Итак, я решил прогуляться по доске, пока не началась партия. Когда партия начнется, я ничего сделать не смогу по своей воле. Я иду на поле а1 для встречи с тяжелой фигуры с самым тяжелым характером.

- Простите, кхм-хм, - сказал я, крякнув и постучав, - могу я видеть Ладью.

И сам же расхохотался полной абсурдности своей фразы. Тем временем в башне послышался дикий шорох, словно там в этот момент все переворачивается вверх дном. Этот шорох сопровождался чьими-то ударами по железу или стеклу и непечатными  ругательствами в своеобразной форме. Наконец, немужской, но низкий и грубый голос спросил:

- Кто там? Знак вопроса.

"Какая старая шутка! Прямо с бородой!" - подумал я и ответил:

- Это я, тире, королевская пешка.

- Зачем пришел? - еще грубее и прямолинейнее спросил голос.
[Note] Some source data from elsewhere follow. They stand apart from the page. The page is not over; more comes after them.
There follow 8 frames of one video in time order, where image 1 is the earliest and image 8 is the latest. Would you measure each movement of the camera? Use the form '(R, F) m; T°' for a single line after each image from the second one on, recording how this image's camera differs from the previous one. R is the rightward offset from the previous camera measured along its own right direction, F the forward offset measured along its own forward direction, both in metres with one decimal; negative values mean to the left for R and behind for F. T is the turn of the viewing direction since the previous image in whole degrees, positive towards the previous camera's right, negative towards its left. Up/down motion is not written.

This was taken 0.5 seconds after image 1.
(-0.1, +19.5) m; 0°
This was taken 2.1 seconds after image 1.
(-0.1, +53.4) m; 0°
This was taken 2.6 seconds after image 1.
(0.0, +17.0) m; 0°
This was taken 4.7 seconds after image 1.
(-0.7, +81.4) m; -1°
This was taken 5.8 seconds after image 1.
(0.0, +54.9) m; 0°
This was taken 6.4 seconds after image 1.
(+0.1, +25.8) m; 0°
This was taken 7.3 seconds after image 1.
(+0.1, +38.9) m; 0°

- Видеть вас, госпожа  Ладья.

- Зачем? - спросила Ладья, совершенно не меняя интонации.

Я решил, что вилять здесь совершенно невозможно (а главное - опасно) и ответил напрямую:

- Поговорить с Вами надо.

- Ну, сейчас, - довольным моею бесцеремонностью голосом сказала Ладья.
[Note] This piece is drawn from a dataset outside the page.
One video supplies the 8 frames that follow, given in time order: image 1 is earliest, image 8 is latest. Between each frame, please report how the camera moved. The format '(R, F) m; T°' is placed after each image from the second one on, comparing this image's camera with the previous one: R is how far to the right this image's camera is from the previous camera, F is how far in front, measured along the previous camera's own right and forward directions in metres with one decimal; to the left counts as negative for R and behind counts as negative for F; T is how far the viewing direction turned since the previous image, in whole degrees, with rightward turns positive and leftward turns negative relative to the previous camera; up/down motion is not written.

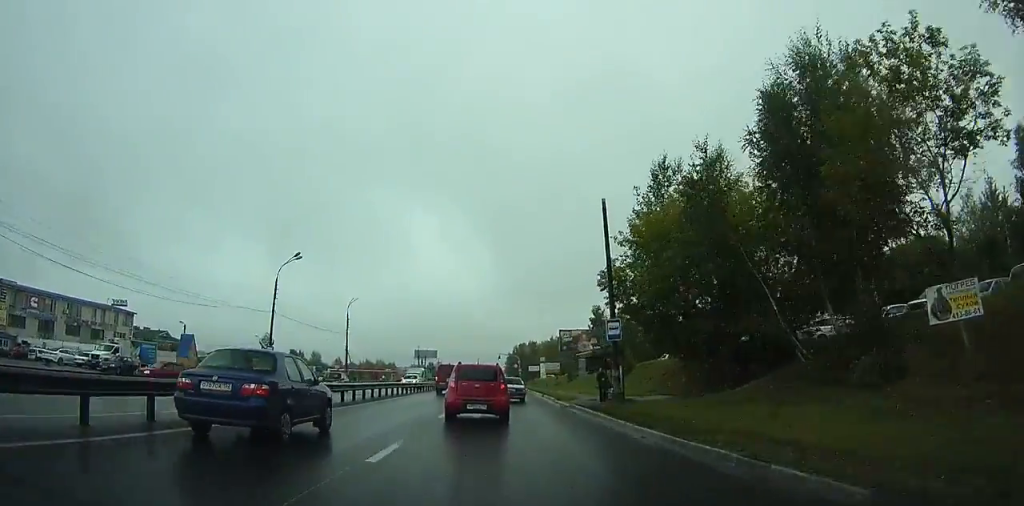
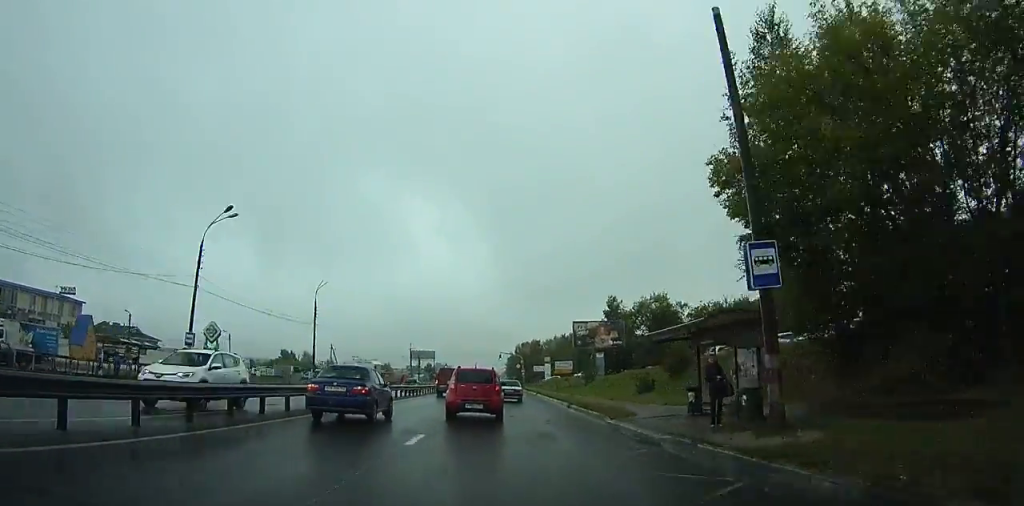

Она очень долго открывала дверь - била руками, ногами, ломом, но, наконец, вышла. Телосложение у нее было, как у медведя, глаза круглые, небольшие, но смотрели не то, чтобы зорко, но всегда прямо, никогда не убегали в сторону. Этот неподвижный, немигающий взгляд всегда пугал, как друзей, так и врагов. Впрочем, то и другое считалось необходимым, т. к. распространенным было мнение, что надо "пугать своих, чтоб чужие боялись". Нос был картошкой, что еще больше говорило о чрезвычайной простоте, даже некоторой упрощенности методов общения Ладьи со всеми другими фигурами. Единственное, что от нее я сейчас услышал, было:

- Ну!

- Простите, - снова крякнул я, но, собравшись с духом, заговорил почти на автопилоте. - Вот скажите... Вы постоянно в игре, Вас ценят высоко, как фигуру тяжелую и очень полезную в бою. А вот скажите, а зачем мы, вообще, воюем?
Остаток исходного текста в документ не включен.